Does ISO 27018 help? Yes. ISO 27018 will help the customer to comply with this obligation because it requires the CSP to specify and document the countries in which the personal data may be processed and, no matter where the personal data is located, all of the other requirements in ISO 27018 will apply to the Personal Data, so the customer can be sure that its personal data will be protected to the same standard of protection.
- Policies and procedures.
PDPA requirement: An organisation must implement policies and procedures in order to meet their obligations under the PDPA and shall make information about its policies and procedures publicly available.
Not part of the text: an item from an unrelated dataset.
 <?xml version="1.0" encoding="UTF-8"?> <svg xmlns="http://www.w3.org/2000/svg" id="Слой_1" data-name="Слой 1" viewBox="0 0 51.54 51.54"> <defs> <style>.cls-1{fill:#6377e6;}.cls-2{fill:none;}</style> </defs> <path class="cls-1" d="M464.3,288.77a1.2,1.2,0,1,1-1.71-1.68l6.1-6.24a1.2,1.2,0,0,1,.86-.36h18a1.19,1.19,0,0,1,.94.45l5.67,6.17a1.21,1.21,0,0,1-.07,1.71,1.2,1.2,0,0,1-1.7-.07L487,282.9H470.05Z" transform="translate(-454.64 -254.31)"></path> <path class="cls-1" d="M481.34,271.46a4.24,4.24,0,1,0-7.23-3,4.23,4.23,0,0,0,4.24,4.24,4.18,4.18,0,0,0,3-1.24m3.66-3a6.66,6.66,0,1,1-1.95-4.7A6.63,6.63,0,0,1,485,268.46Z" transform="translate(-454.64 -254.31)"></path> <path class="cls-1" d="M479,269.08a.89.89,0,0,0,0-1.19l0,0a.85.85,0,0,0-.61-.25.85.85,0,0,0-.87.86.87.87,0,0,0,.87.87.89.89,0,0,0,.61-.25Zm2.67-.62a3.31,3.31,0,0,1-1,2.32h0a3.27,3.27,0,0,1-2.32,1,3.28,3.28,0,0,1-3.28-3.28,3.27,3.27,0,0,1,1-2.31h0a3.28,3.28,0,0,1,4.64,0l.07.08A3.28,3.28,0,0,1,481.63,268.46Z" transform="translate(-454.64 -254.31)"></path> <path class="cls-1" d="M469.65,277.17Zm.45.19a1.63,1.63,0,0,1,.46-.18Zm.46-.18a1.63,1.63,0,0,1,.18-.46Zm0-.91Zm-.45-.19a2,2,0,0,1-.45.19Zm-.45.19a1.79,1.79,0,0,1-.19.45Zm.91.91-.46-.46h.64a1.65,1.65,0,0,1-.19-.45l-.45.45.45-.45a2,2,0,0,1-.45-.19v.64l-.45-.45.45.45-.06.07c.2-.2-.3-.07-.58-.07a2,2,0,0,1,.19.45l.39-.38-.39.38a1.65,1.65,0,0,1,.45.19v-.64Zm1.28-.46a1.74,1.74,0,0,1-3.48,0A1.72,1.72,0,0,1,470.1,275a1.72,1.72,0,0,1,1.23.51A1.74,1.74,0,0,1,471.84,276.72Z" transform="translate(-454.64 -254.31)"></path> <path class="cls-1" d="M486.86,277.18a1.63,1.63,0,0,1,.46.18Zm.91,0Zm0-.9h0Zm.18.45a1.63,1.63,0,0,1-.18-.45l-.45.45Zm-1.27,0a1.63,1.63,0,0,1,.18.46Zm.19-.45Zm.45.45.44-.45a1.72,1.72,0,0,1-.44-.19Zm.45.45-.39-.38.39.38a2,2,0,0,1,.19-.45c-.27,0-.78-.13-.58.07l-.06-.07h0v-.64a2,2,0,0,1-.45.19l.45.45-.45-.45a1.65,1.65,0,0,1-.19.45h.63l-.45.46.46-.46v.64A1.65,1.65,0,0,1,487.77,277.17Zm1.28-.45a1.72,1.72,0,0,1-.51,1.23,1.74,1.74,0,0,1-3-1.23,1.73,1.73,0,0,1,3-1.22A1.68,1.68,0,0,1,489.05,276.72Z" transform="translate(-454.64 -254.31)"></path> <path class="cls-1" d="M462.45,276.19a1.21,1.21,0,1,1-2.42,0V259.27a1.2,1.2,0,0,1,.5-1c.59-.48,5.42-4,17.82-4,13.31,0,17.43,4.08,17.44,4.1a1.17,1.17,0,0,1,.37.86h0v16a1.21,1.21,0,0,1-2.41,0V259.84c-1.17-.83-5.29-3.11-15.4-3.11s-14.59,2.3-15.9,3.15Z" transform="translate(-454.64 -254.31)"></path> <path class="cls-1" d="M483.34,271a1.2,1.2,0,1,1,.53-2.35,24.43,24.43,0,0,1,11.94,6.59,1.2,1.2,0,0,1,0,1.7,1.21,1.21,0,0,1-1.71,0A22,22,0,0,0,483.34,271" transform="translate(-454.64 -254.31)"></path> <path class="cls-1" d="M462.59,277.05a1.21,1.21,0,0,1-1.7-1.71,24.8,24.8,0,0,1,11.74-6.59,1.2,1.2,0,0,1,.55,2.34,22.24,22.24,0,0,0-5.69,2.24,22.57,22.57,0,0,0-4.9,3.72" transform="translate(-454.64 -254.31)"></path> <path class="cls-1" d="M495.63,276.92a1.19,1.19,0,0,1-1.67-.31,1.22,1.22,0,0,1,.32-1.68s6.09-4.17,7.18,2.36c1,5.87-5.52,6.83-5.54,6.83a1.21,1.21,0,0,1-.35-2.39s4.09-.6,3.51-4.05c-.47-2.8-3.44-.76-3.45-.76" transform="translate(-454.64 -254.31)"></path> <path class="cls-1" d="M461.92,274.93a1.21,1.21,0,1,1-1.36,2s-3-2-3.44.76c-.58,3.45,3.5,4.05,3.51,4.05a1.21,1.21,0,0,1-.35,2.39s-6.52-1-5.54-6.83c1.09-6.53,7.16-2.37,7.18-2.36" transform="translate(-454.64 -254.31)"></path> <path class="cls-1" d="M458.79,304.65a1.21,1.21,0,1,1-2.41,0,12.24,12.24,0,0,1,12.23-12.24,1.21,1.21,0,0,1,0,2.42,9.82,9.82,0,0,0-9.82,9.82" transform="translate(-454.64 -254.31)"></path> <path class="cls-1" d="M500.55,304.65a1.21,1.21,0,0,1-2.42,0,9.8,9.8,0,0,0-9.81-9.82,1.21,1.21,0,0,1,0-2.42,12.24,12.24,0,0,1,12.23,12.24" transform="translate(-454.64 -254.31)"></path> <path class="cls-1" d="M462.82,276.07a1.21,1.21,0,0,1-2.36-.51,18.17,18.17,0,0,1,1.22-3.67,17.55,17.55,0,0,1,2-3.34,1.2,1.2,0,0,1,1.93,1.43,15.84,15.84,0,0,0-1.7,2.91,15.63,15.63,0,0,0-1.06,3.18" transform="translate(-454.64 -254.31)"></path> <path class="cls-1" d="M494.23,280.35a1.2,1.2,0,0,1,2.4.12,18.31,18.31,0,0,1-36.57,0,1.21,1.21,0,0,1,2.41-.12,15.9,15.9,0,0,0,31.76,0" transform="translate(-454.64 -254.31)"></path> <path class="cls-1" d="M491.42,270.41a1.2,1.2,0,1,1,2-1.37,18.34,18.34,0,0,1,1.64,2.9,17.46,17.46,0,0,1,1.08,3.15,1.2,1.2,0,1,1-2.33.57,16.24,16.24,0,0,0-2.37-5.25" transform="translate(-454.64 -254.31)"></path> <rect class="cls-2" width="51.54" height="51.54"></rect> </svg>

Does ISO 27018 help? Yes. ISO 27018 will help the customer to comply with this obligation because it requires the CSP to execute a contract with the customer to ensure that data is processed in accordance with the customer’s instructions (including instructions as to policies and procedures that are adopted by the customer).
Put simply, the comparison shows that the key legal obligations are matched by the standard’s requirements.
What about other countries?
The same conclusion appears to us to apply in other countries as well. The PDPA is similar to the data protection laws in many other countries, including Australia, European countries, Hong Kong, Japan, Korea, Malaysia and New Zealand. If a cloud customer in any of these countries engages a CSP who complies with ISO 27018, the cloud customer can be confident that the CSP’s cloud solution will help the cloud customer to comply its key legal obligations under the data protection laws in its country.
How can a CSP demonstrate compliance with ISO 27018?
There are a few options:
- A CSP can contractually commit to comply with ISO 27018. This will show a commitment to comply but it does not demonstrate compliance.
- A CSP can consider third party certification against ISO 27018. This can currently only be done through a ISO 27001 certification that incorporates, as part of the controls that the CSP is being certified against, the controls in ISO 27018.
- A CSP can do a compliance self-audit against ISO 27018. There are also good arguments that a self-audit by a provider under ISO 27018 is accepted as proof of compliance with technical and organisational measures (as required, for example, under EU law for data processing agreements).
- Certification against a standard that includes ISO 27018. In November 2013, the Infocomm Development Authority of Singapore (IDA) launched a Multi-Tiered Cloud Security Standard (MTCS) in order to encourage CSPs to implement strong risk management and security practices through certification. This standard is currently being updated by the IDA. It would be sensible (and beneficial to customers and CSPs) if the IDA included by reference ISO 27018 or included equivalent requirements in any revised MTCS. This would mean that a CSP that is MTCS certified, would also be ISO 27018 certified.
Conclusion
There is no silver bullet to ensure overall compliance with an organisation’s obligations under privacy laws. However, in relation to cloud solutions, ISO 27018 is a welcome step towards ensuring that such cloud solutions are compliant with relevant privacy law obligations, including those in Singapore’s PDPA, and thereby further boosting customer confidence in cloud solutions. Customers should check that their CSPs (existing or potential) comply with ISO 27018. This will help customers to be confident that the cloud solutions (existing or potential) comply with the relevant obligations under the PDPA (or the relevant laws in other countries). CSPs should demonstrate compliance with ISO 27018 in order to be confident that their cloud solutions will help their customers to comply with the relevant obligations under the PDPA (or the relevant laws in other countries).
where does this leave 27001/2 then. IF a CSP is still using 27002 does that mean they are not providing adequate security in terms of data privacy?